The scheme is solved using (the Fortran interface to) SUNDIALS. In particular, because of the nontrivial coefficient $Q$, an implicit differential algrebraic solver is used (IDA) to solve the equations.
I have successfully implemented these equations and test cases yield coherent results. The computation time is constrained by $N$, the resolution of our model.
Now, no matter how precisely I specify my initial conditions for certain physically relevant scenarios, I find a spurious growth in my system, that leads to the equations becoming stiff, and eventually Q is no longer invertible and the integration fails. The problem is (temporarily) alleviated by increasing $N$, but no matter how high I can reasonably make $N$, the instability still appears. So I would like to see if anyone has any recommendations on a smoothing operation, or perhaps adding some type of viscosity, to attenuate this instability, while keeping the results physically relevant.

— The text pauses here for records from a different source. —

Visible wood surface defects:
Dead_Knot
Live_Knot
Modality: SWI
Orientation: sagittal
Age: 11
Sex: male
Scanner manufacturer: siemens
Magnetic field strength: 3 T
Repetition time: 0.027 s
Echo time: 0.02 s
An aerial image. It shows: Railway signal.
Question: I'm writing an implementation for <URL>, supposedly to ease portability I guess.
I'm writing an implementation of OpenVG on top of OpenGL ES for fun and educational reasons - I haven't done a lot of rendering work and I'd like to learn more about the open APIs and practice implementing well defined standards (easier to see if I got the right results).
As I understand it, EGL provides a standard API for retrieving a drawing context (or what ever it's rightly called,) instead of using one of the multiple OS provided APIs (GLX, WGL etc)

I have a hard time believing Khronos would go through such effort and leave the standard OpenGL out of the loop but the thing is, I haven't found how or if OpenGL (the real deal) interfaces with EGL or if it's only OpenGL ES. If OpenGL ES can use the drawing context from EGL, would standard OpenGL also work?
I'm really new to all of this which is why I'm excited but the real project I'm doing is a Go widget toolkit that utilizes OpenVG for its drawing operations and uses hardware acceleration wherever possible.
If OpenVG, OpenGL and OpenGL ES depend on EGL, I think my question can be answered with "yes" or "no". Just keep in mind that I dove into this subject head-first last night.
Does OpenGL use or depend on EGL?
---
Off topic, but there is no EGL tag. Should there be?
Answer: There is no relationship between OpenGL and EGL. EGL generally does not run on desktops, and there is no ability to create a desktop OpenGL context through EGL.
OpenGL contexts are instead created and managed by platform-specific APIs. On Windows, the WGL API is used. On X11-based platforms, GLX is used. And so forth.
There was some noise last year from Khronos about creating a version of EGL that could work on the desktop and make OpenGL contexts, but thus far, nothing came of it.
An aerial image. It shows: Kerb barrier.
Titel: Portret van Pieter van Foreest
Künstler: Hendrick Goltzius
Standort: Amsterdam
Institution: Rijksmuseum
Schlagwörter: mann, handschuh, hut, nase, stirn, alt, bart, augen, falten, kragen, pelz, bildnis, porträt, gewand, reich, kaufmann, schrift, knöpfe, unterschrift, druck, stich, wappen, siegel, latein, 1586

As an example of this, I put IC that correspond to equations with known solution. The physical space solutions are related to a summation of the fourier series, with coefficients $y_i(t)$. At time t=0, I see that the difference between the numerical solution to my system, and what I expect is good (see fig 1; note this is for $N=16$!),
and is order $10^{-8}$, which is the order of my tolerances in the integration. Note, the solutions are order $10^{-1}$. Now, at time t=0.1, the difference between what I expect and the calculated solution is no longer so negligible, namely we see that the difference is 5 order of magnitude larger! This increases at this exponential rate until the system eventually becomes stiff and stops integrating. I am not sure if this is some kind of instability due to the physics, or the numerics, but in either case I want to get ride of it.

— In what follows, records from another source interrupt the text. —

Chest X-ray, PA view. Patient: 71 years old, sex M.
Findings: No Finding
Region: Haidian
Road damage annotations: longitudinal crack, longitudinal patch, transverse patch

Naively, it seems like some kind of smoothing between integration steps could be useful, but this is has major drawbacks. The IDA uses an internal Jacobian, so it would not be a good idea to impulsively change the solutions between integration steps.
Probably the most attractive technique would be to add some kind of $viscosity$ to the system, to dampen or get rid of these growing instabilities. The part of the solution that is unstable is growing fastest, so adding something to these equations that can pick this out would be ideal. Exactly how to do this is unclear to me, so any suggestions or references to similar problems would be greatly appreciated!
Thanks,
Nick